> _Directions_: Please reproduce the records exactly, leaving out any pictures.

BEGIN Data provided

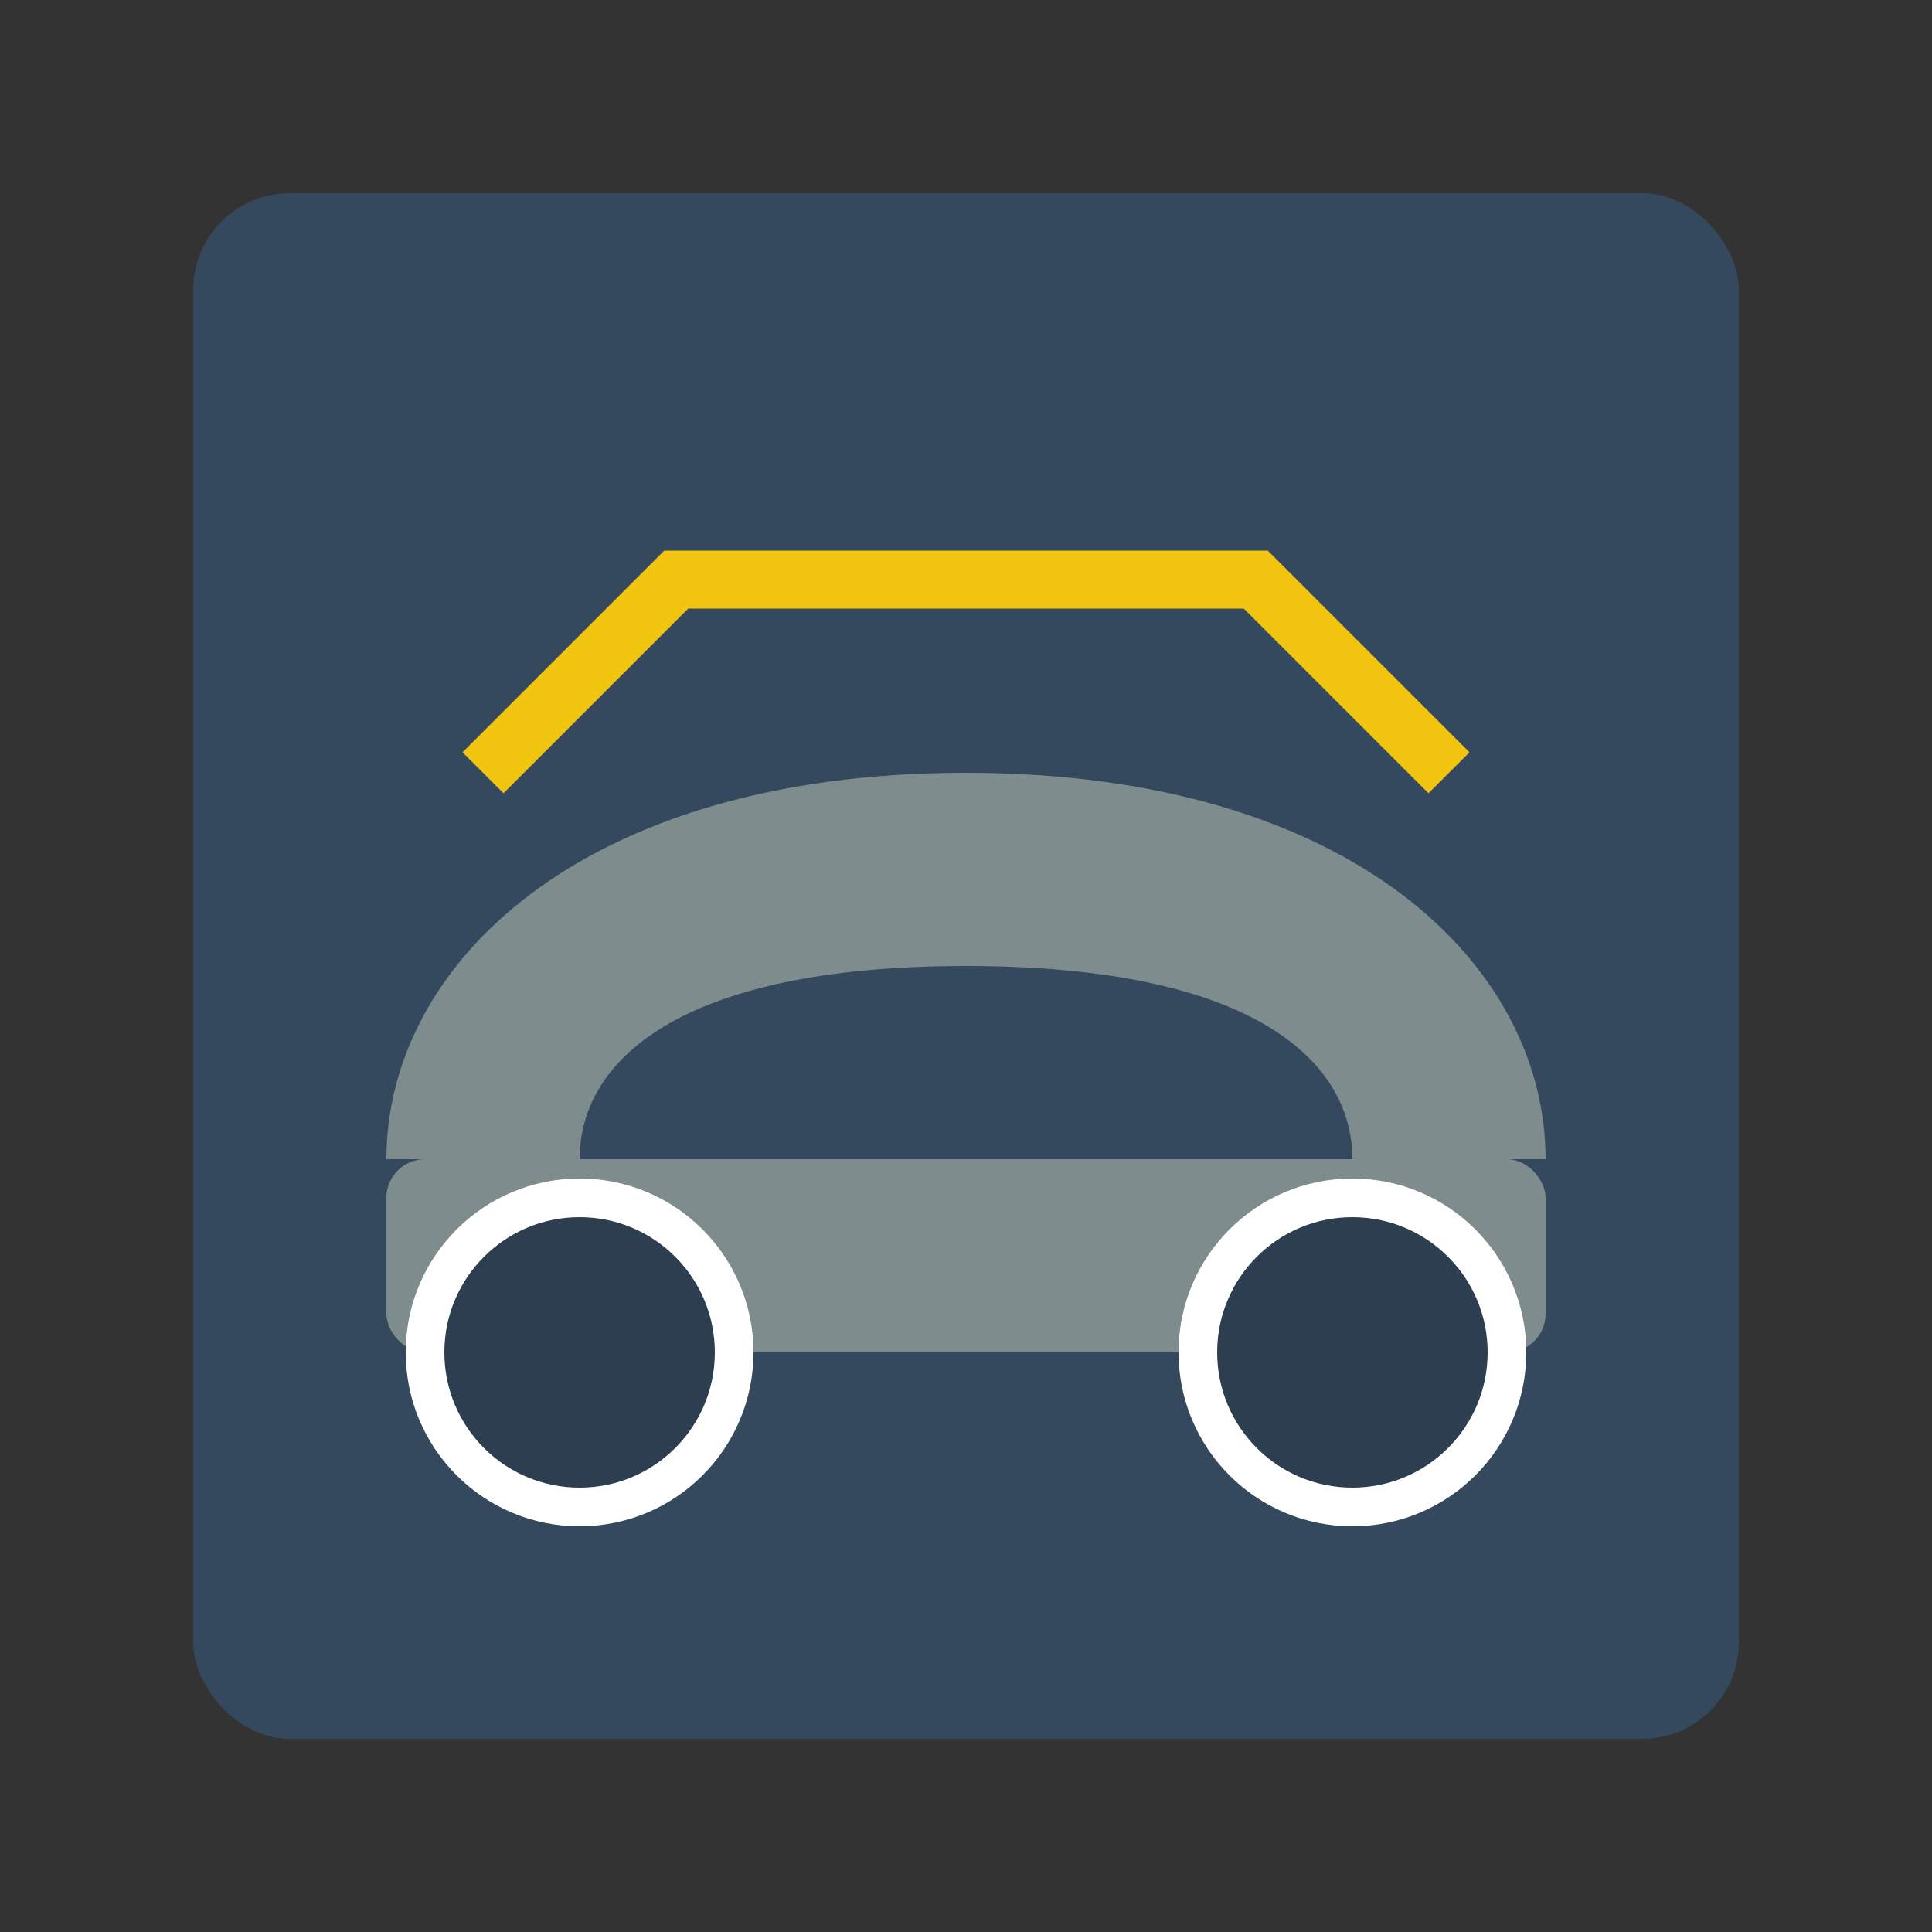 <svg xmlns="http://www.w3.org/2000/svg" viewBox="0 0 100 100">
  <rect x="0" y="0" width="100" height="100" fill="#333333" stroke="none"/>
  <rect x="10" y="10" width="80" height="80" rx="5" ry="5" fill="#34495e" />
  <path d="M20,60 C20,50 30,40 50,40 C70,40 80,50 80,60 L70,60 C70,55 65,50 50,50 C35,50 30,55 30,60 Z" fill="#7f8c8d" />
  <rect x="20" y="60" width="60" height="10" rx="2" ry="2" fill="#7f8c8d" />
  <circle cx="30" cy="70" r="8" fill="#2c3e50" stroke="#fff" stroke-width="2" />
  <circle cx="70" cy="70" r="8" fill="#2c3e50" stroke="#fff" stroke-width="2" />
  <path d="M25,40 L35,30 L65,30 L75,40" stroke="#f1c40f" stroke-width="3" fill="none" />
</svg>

END Data provided

> _Task solution_:
 <svg xmlns="http://www.w3.org/2000/svg" viewBox="0 0 100 100">
  <rect x="0" y="0" width="100" height="100" fill="#333333" stroke="none"/>
  <rect x="10" y="10" width="80" height="80" rx="5" ry="5" fill="#34495e" />
  <path d="M20,60 C20,50 30,40 50,40 C70,40 80,50 80,60 L70,60 C70,55 65,50 50,50 C35,50 30,55 30,60 Z" fill="#7f8c8d" />
  <rect x="20" y="60" width="60" height="10" rx="2" ry="2" fill="#7f8c8d" />
  <circle cx="30" cy="70" r="8" fill="#2c3e50" stroke="#fff" stroke-width="2" />
  <circle cx="70" cy="70" r="8" fill="#2c3e50" stroke="#fff" stroke-width="2" />
  <path d="M25,40 L35,30 L65,30 L75,40" stroke="#f1c40f" stroke-width="3" fill="none" />
</svg>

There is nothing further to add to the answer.